Yesterday, Glass Lewis announced it had launched a new “Issuer Engagement Portal.” As folks have complained about a lack of transparency regarding Glass Lewis’ voting policies over the years, this should be a positive development. Among the other things in the Portal are Glass Lewis’ “US Abridged Guidelines” and “Continental Europe Abridged Guidelines.” See Davis Polk’s blog on this development…
Dodd-Frank: SEC Releases Study on Cross-Border Private Securities Litigation
On Wednesday, the SEC issued its 106-page study of cross-border private securities litigation as required by Section 929Y of Dodd-Frank. At the same time, Commissioner Aguilar issued this statement to note his disappointment with the study, mainly because it doesn’t provide recommendations and because “I am particularly astonished that the Study states (at pages 58-59) that an option ‘would be for Congress to take no action’ and, thus, would continue to deny American investors who have been harmed by fraud the ability to seek redress in court.” Pretty unusual for a Commissioner to dissent from a study.
Before the study was released, the SEC received 72 comments on the topic. In his “D&O Diary” Blog, Kevin LaCroix provides some analysis of the study, which considers possible alternative approaches to the question of cross-border private securities litigation and provides a detailed overview of the ways in which the lower courts have been approaching these issues in the wake of the Supreme Court’s decision in the Morrison v. National Australia Bank.
SEC’s RiskFin Issues Report on Regulation D Offerings
On Tuesday, the SEC’s Risk Fin Division issued a 9-page report entitled “Capital Raising in the U.S.: the Significance of Unregistered Offerings Using the Regulation D Exemption” that crunches numbers extracted from Form D filings since early ’09 with goal of understanding the amount and nature of capital raised through Reg D unregistered offerings and to provide a perspective on the state of competition and regulatory burden in capital markets.
As far as I can tell, it’s Risk Fin’s first report dealing with a Corp Fin topic (hard to tell as reports are not listed on RiskFin’s webpage) – and it’s formatted in a style that I haven’t seen the SEC use before (has more of an academic feel). Oddly, the report is dated February 2012 even though it was just posted.
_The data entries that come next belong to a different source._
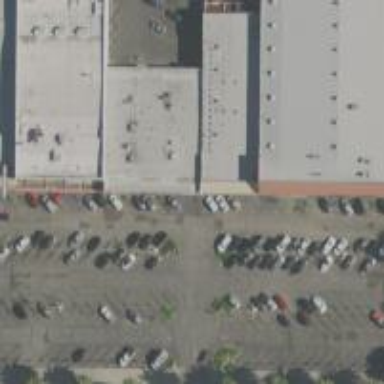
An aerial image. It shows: Parking area.
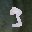
Label: 3
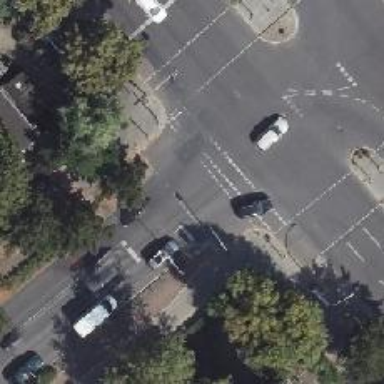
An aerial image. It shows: Road crossing with traffic signals.
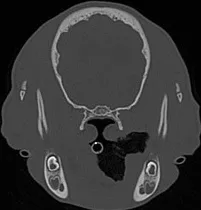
Representative multiplanar views of the surgical planning CT. (A-C) Transverse, sagittal and dorsal bone window views of the left caudal mandible. No evidence of lysis or periosteal reaction.
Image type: radiology (ct)
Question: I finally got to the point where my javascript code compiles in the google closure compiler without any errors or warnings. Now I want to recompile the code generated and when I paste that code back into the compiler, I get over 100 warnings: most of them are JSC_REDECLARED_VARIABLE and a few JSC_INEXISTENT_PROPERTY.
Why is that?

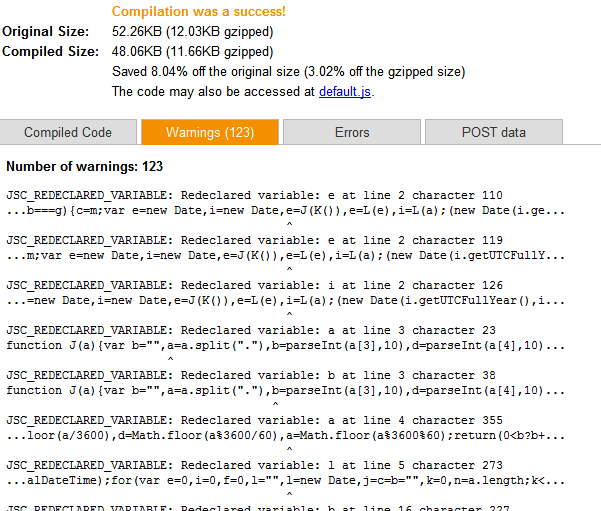
Answer: I do not think the Google Closure Compiler produces code that is intended for further compilation.
To have code compile correctly you have to keep some structure. But that extra structure is among the things removed by the compiler and without it the compiler cannot correctly interpret the code.
You should be able to do the easier modes of compilation but not the advanced one.
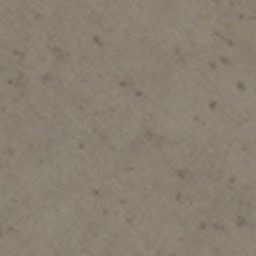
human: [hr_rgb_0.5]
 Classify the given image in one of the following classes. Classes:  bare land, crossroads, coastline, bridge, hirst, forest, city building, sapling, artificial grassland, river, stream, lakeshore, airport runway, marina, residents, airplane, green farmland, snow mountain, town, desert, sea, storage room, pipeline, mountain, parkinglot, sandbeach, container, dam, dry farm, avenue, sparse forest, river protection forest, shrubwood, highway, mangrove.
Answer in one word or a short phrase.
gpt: bare land
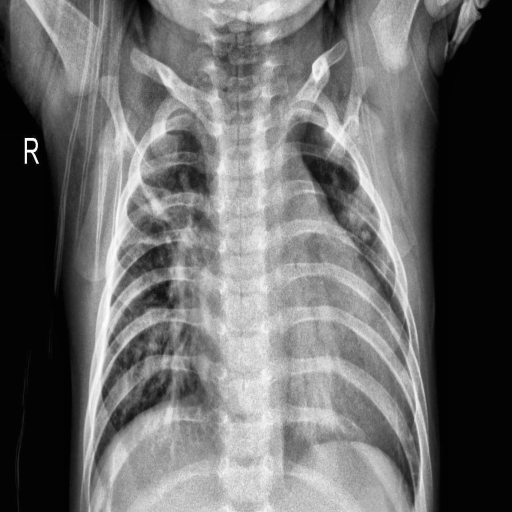
Finding: PNEUMONIA
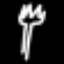
Label: fork
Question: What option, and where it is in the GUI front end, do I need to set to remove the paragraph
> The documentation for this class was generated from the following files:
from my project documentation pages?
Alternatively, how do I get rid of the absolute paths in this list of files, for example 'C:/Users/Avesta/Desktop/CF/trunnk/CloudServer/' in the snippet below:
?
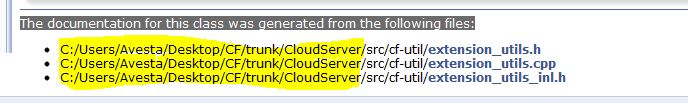
Answer: The visibility of the section that shows which files have been used is controlled by the 'SHOW_USED_FILES' setting.
Doxygen will show absolute paths when 'FULL_PATH_NAMES' is set to 'YES' and the relevant part is not stripped off via 'STRIP_FROM_PATH'.
So either setting
'''
SHOW_USED_FILES = NO
'''
or setting
'''
FULL_PATH_NAMES = NO
'''
or setting
'''
FULL_PATH_NAMES = YES
STRIP_FROM_PATH = C:/Users/Avesta/Desktop/CF/trunk/CloudServer
'''
should solve your problem.
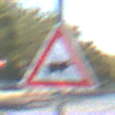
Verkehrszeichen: ViehtriebLinks
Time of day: Midday
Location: Outdoor (Urban)
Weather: Clear
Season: NotSpecified
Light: Natural
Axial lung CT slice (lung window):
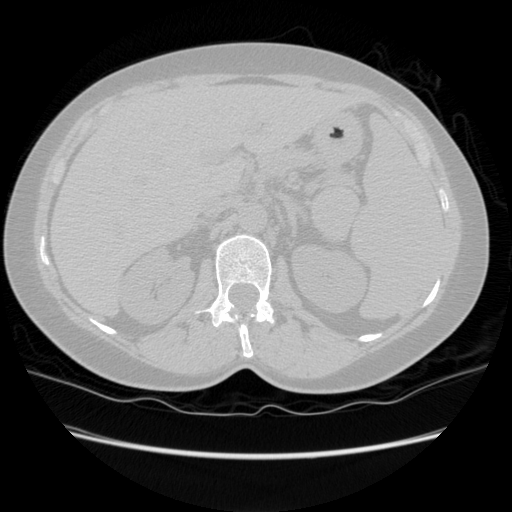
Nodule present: no
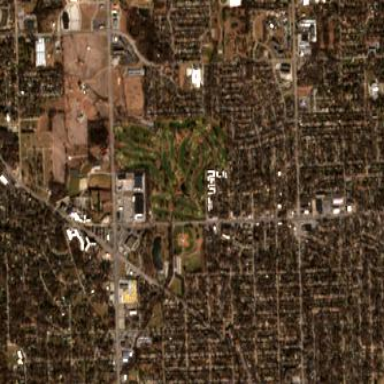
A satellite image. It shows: Golf course.
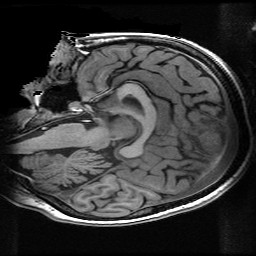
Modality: T1w
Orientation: sagittal
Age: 30
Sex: male
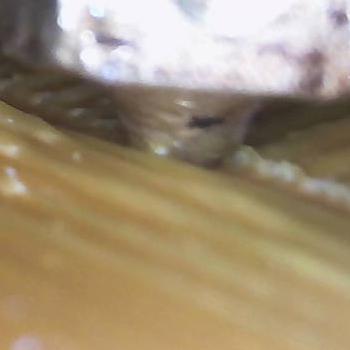
Flow rate: 100%
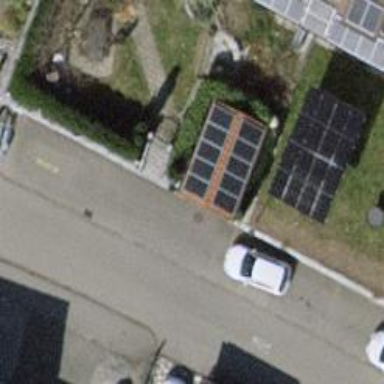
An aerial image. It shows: Solar photovoltaic panel generator.
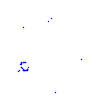
Particle: proton
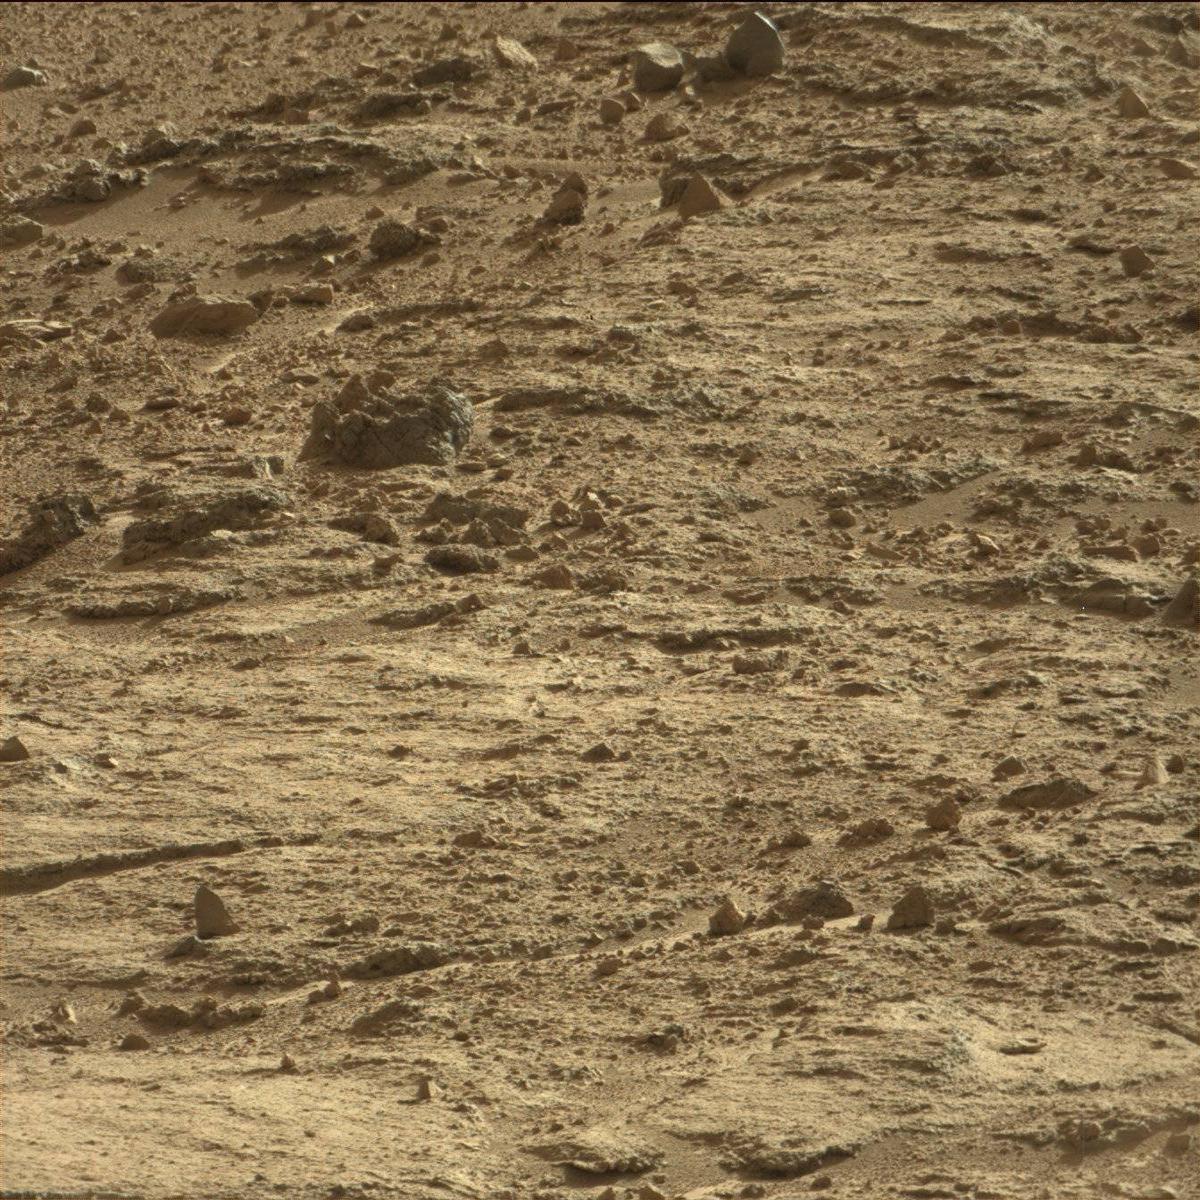
Terrain classes present: Bedrock, Rock, Sand / Soil
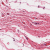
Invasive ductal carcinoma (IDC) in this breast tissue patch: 0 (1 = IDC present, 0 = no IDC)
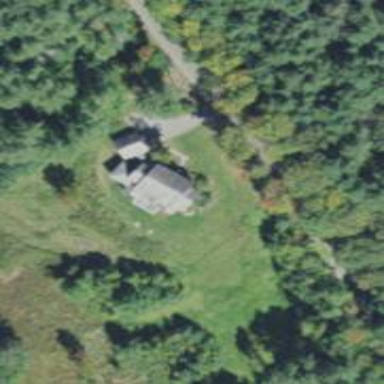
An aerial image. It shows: Simple and straightforward house.
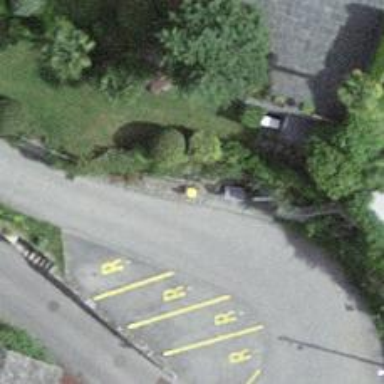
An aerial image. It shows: Post box.

In his blog, Steve Quinlivan notes that some highlights of the report include:
– The median Reg D offering is modest in size: approximately $1 million.
– Both Rule 505 and Rule 506 (the most frequently used exemption in the Reg D filings) allow an issuer to sell securities to an unlimited number of accredited investors and up to 35 non-accredited investors. The average amount of non-accredited investors in the Reg D offerings over the entire period is 0.1, while the median is 0. In fact, in approximately 90% of the offerings there are no non-accredited investors.
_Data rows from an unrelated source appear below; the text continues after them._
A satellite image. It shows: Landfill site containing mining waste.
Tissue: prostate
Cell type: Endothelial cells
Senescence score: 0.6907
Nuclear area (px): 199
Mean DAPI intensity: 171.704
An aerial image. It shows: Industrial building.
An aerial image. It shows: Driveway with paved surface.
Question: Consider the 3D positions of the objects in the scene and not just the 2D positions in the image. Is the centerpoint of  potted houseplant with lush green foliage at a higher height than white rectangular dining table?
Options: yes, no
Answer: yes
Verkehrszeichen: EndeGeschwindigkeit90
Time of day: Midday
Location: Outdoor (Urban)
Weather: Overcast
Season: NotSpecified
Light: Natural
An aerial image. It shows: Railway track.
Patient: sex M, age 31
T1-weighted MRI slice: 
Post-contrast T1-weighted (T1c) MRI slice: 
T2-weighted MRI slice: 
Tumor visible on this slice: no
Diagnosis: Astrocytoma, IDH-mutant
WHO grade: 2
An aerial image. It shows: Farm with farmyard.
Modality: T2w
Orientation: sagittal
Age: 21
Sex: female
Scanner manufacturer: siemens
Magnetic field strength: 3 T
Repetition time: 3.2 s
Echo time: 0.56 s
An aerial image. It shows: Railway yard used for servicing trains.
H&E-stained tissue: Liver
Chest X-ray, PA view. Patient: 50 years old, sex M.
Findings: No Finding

– Capital raised through Reg D offerings is more than twice as large as public equity offerings as well as each other category of unregistered offerings.
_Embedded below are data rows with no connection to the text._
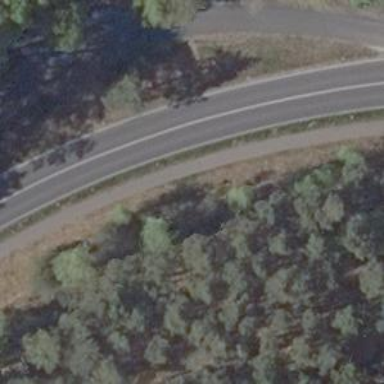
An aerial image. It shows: Asphalt road classified as tertiary.
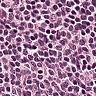
Metastatic tissue present: no
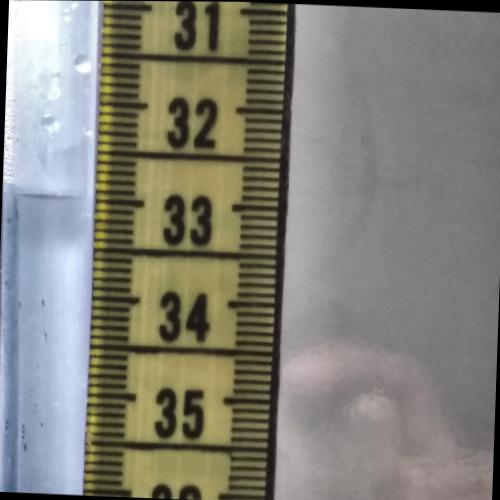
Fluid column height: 33.0 cm
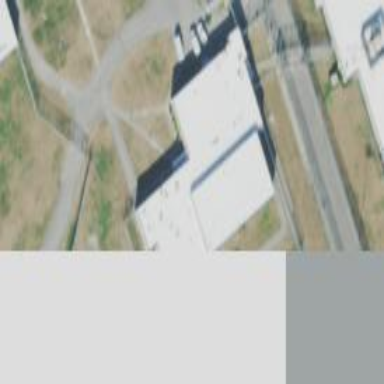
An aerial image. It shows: Prison building.
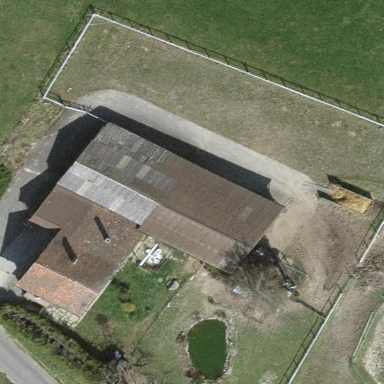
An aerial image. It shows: Farmyard area.
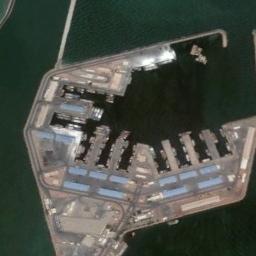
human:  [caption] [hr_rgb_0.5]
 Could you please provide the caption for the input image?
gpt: The harbor is surrounded by sea water and there are no mooring vessels .

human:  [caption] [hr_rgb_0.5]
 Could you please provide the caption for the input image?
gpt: The harbor is surrounded by some blue buildings .

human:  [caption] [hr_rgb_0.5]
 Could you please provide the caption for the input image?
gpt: There are many ships in the harbor .

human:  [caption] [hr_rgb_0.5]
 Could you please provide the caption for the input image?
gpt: There are several ships in motion in the harbor .

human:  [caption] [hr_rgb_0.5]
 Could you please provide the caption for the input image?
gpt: There are no ships at the harbor .

– Less than one-third (29%) of issuers are pooled investment funds (i.e. hedge funds, private equity funds and the like), of which a little more than half (55%) are hedge funds (i.e., 16% of all Reg D offerings are by self-reported hedge funds).
– Excluding hedge funds and other investment funds, issuers of private offerings tend to be small. Although a significant number of issuers decline to disclose their sizes (50%), for those that do, most have revenue of less than $1 million. Only 1.8% of all new offerings are by issuers that report more than $100 million in revenues.